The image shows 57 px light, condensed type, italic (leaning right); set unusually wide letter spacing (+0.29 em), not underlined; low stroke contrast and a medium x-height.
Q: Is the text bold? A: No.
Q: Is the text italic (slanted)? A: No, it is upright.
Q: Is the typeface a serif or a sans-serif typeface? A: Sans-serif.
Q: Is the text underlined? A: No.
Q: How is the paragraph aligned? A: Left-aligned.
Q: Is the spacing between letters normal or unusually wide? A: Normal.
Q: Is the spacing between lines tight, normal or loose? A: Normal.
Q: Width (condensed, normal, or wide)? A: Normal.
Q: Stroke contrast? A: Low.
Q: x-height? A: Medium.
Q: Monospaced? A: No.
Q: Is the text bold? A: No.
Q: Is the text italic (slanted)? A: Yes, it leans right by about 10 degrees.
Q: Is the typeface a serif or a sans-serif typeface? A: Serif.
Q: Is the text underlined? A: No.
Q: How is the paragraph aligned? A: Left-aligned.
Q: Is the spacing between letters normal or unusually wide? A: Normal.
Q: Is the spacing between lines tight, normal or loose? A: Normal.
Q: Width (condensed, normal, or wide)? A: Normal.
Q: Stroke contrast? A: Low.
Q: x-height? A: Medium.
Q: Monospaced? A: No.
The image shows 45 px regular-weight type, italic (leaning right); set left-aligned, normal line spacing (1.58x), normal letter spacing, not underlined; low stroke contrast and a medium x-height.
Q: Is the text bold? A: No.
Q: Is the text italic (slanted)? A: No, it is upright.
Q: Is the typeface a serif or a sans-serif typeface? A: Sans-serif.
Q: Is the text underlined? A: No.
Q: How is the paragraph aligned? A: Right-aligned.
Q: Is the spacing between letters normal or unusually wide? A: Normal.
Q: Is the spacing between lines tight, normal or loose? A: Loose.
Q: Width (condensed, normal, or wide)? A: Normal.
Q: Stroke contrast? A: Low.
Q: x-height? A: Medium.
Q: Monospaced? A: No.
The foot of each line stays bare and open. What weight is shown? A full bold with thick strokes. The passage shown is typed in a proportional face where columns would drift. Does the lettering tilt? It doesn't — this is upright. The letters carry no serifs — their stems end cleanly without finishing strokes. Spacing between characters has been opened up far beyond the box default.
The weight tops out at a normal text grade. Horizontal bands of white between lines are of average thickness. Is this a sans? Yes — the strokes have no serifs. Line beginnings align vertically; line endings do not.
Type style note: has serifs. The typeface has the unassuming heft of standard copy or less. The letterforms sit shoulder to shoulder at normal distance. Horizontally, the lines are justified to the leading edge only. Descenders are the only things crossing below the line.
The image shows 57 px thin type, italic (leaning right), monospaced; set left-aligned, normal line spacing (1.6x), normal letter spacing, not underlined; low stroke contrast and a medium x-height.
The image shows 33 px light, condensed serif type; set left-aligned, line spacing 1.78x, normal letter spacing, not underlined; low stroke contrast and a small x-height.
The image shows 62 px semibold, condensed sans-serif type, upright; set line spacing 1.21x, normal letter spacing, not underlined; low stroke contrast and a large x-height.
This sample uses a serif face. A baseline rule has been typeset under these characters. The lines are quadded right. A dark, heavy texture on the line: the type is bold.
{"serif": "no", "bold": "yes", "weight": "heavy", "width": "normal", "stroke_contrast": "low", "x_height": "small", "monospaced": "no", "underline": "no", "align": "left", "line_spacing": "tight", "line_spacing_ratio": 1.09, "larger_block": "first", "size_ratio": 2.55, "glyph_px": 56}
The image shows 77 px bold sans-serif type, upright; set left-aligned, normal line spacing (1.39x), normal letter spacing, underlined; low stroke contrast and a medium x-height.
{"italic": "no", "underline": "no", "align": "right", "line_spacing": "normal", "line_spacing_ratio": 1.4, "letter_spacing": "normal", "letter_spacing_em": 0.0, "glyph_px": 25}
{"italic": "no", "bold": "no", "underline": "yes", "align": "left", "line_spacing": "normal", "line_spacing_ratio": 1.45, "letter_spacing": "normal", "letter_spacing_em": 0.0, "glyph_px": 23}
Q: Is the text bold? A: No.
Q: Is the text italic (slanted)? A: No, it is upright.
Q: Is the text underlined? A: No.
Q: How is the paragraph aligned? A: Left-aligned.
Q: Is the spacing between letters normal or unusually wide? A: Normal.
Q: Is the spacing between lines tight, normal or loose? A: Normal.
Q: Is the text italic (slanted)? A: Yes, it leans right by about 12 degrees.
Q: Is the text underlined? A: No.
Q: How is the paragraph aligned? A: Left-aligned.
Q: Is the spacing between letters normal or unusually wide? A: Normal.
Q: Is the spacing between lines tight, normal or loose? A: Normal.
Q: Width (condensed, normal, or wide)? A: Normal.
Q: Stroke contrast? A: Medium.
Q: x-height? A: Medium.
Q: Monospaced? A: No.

────

- WHAT THE EXERCISE ASKS
Without changing a single character, write out all of the entries.

- EXERCISE RESPONSE
The image shows 57 px light, condensed type, italic (leaning right); set unusually wide letter spacing (+0.29 em), not underlined; low stroke contrast and a medium x-height.
Q: Is the text bold? A: No.
Q: Is the text italic (slanted)? A: No, it is upright.
Q: Is the typeface a serif or a sans-serif typeface? A: Sans-serif.
Q: Is the text underlined? A: No.
Q: How is the paragraph aligned? A: Left-aligned.
Q: Is the spacing between letters normal or unusually wide? A: Normal.
Q: Is the spacing between lines tight, normal or loose? A: Normal.
Q: Width (condensed, normal, or wide)? A: Normal.
Q: Stroke contrast? A: Low.
Q: x-height? A: Medium.
Q: Monospaced? A: No.
Q: Is the text bold? A: No.
Q: Is the text italic (slanted)? A: Yes, it leans right by about 10 degrees.
Q: Is the typeface a serif or a sans-serif typeface? A: Serif.
Q: Is the text underlined? A: No.
Q: How is the paragraph aligned? A: Left-aligned.
Q: Is the spacing between letters normal or unusually wide? A: Normal.
Q: Is the spacing between lines tight, normal or loose? A: Normal.
Q: Width (condensed, normal, or wide)? A: Normal.
Q: Stroke contrast? A: Low.
Q: x-height? A: Medium.
Q: Monospaced? A: No.
The image shows 45 px regular-weight type, italic (leaning right); set left-aligned, normal line spacing (1.58x), normal letter spacing, not underlined; low stroke contrast and a medium x-height.
Q: Is the text bold? A: No.
Q: Is the text italic (slanted)? A: No, it is upright.
Q: Is the typeface a serif or a sans-serif typeface? A: Sans-serif.
Q: Is the text underlined? A: No.
Q: How is the paragraph aligned? A: Right-aligned.
Q: Is the spacing between letters normal or unusually wide? A: Normal.
Q: Is the spacing between lines tight, normal or loose? A: Loose.
Q: Width (condensed, normal, or wide)? A: Normal.
Q: Stroke contrast? A: Low.
Q: x-height? A: Medium.
Q: Monospaced? A: No.
The foot of each line stays bare and open. What weight is shown? A full bold with thick strokes. The passage shown is typed in a proportional face where columns would drift. Does the lettering tilt? It doesn't — this is upright. The letters carry no serifs — their stems end cleanly without finishing strokes. Spacing between characters has been opened up far beyond the box default.
The weight tops out at a normal text grade. Horizontal bands of white between lines are of average thickness. Is this a sans? Yes — the strokes have no serifs. Line beginnings align vertically; line endings do not.
Type style note: has serifs. The typeface has the unassuming heft of standard copy or less. The letterforms sit shoulder to shoulder at normal distance. Horizontally, the lines are justified to the leading edge only. Descenders are the only things crossing below the line.
The image shows 57 px thin type, italic (leaning right), monospaced; set left-aligned, normal line spacing (1.6x), normal letter spacing, not underlined; low stroke contrast and a medium x-height.
The image shows 33 px light, condensed serif type; set left-aligned, line spacing 1.78x, normal letter spacing, not underlined; low stroke contrast and a small x-height.
The image shows 62 px semibold, condensed sans-serif type, upright; set line spacing 1.21x, normal letter spacing, not underlined; low stroke contrast and a large x-height.
This sample uses a serif face. A baseline rule has been typeset under these characters. The lines are quadded right. A dark, heavy texture on the line: the type is bold.
{"serif": "no", "bold": "yes", "weight": "heavy", "width": "normal", "stroke_contrast": "low", "x_height": "small", "monospaced": "no", "underline": "no", "align": "left", "line_spacing": "tight", "line_spacing_ratio": 1.09, "larger_block": "first", "size_ratio": 2.55, "glyph_px": 56}
The image shows 77 px bold sans-serif type, upright; set left-aligned, normal line spacing (1.39x), normal letter spacing, underlined; low stroke contrast and a medium x-height.
{"italic": "no", "underline": "no", "align": "right", "line_spacing": "normal", "line_spacing_ratio": 1.4, "letter_spacing": "normal", "letter_spacing_em": 0.0, "glyph_px": 25}
{"italic": "no", "bold": "no", "underline": "yes", "align": "left", "line_spacing": "normal", "line_spacing_ratio": 1.45, "letter_spacing": "normal", "letter_spacing_em": 0.0, "glyph_px": 23}
Q: Is the text bold? A: No.
Q: Is the text italic (slanted)? A: No, it is upright.
Q: Is the text underlined? A: No.
Q: How is the paragraph aligned? A: Left-aligned.
Q: Is the spacing between letters normal or unusually wide? A: Normal.
Q: Is the spacing between lines tight, normal or loose? A: Normal.
Q: Is the text italic (slanted)? A: Yes, it leans right by about 12 degrees.
Q: Is the text underlined? A: No.
Q: How is the paragraph aligned? A: Left-aligned.
Q: Is the spacing between letters normal or unusually wide? A: Normal.
Q: Is the spacing between lines tight, normal or loose? A: Normal.
Q: Width (condensed, normal, or wide)? A: Normal.
Q: Stroke contrast? A: Medium.
Q: x-height? A: Medium.
Q: Monospaced? A: No.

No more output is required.